Реализм Эмиля Золя: «Ругон-Маккары» и проблемы реалистического искусства XIX в. во Франции - Елизавета Кучборская
Шрифт:
Интервал:
Закладка:
Виктор Гюго гораздо более трезво смотрел на легенду об императоре-республиканце, чем современная нам буржуазная историография, которая на протяжении последних десятилетий активно поддерживает этот поразительно живучий вымысел. Гюго писал: «Бонапарт охотно разыгрывает социалиста. Он чувствует, что тут ему открывается поле действия, пригодное для его честолюбия». Книгу «Искоренение пауперизма» узник послал одному из своих друзей с запиской, которую, — продолжает Гюго, — «я видел своими глазами: „Прочитайте эту работу о пауперизме и скажите, как вы думаете, может ли она принести мне пользу?“»[55]. После шестилетнего пребывания в крепости, переодетый в платье каменщика, Луи Бонапарт бежал в Англию, чтобы появиться в 1848 году на политическом горизонте Франции.

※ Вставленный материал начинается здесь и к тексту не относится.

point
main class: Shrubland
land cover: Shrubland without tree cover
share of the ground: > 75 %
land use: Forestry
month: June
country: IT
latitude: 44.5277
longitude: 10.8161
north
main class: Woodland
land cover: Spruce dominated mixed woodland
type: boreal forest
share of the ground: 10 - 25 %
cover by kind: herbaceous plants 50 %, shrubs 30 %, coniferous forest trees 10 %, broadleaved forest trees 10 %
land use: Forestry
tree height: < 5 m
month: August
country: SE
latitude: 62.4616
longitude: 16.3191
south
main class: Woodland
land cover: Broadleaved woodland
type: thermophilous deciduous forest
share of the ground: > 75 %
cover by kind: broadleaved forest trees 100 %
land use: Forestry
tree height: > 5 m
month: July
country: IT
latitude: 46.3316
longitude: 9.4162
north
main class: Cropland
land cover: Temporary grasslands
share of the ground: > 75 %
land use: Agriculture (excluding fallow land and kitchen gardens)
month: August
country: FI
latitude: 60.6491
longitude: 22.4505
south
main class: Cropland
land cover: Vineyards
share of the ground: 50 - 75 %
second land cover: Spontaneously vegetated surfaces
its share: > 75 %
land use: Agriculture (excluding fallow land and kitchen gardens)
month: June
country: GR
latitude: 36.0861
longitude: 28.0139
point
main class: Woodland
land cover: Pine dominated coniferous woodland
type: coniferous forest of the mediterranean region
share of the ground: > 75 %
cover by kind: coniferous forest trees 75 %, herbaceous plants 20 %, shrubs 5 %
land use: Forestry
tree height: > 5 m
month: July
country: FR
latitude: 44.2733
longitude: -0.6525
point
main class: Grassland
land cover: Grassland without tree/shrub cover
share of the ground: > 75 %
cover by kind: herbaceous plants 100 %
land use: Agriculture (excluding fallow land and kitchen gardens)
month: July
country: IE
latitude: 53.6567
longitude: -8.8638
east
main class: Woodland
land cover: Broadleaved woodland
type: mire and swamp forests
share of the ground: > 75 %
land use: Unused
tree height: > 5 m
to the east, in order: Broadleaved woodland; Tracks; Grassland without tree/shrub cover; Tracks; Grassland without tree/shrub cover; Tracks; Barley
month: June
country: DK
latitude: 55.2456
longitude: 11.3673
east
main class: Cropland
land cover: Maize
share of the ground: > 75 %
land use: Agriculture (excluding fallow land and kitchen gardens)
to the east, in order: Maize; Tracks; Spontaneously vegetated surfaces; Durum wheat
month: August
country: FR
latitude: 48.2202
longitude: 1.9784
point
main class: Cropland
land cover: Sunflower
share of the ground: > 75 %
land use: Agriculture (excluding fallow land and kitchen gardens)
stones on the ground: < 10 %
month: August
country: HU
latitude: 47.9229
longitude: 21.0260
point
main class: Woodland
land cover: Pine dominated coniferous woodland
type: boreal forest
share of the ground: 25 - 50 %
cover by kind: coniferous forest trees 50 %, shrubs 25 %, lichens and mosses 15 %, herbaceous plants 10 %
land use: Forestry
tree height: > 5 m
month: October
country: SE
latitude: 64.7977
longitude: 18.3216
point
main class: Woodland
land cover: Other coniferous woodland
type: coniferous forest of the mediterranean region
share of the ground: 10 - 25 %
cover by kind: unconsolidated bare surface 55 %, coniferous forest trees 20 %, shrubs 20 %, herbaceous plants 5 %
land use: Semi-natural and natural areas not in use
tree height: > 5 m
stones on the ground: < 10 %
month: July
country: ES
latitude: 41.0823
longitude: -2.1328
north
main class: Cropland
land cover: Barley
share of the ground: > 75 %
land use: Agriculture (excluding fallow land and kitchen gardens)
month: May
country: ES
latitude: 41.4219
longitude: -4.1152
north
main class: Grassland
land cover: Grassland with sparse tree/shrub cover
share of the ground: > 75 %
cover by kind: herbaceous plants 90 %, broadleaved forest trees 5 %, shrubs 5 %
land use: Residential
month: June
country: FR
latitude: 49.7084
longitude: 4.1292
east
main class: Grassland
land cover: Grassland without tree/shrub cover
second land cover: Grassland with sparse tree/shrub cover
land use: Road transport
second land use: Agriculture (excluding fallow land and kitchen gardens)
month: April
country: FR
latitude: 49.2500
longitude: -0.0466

Приведя много красноречивых фактов деятельности Луи Бонапарта, создав выразительный портрет человека, который был «смешнее Фальстафа», а стал «страшнее Ричарда III», Виктор Гюго остановился перед исследованием исторических условий, позволивших авантюристу захватить в стране с развитыми общественными традициями императорский трон. Правда, Гюго пишет о его сподвижниках: «Сочетание известных душевных свойств создает некую категорию людей, для которых Луи Бонапарт является своего рода естественным центром… Диоген искал человека с фонарем в руке, этот разыскивает людей, помахивая банковым билетом. И находит»[56].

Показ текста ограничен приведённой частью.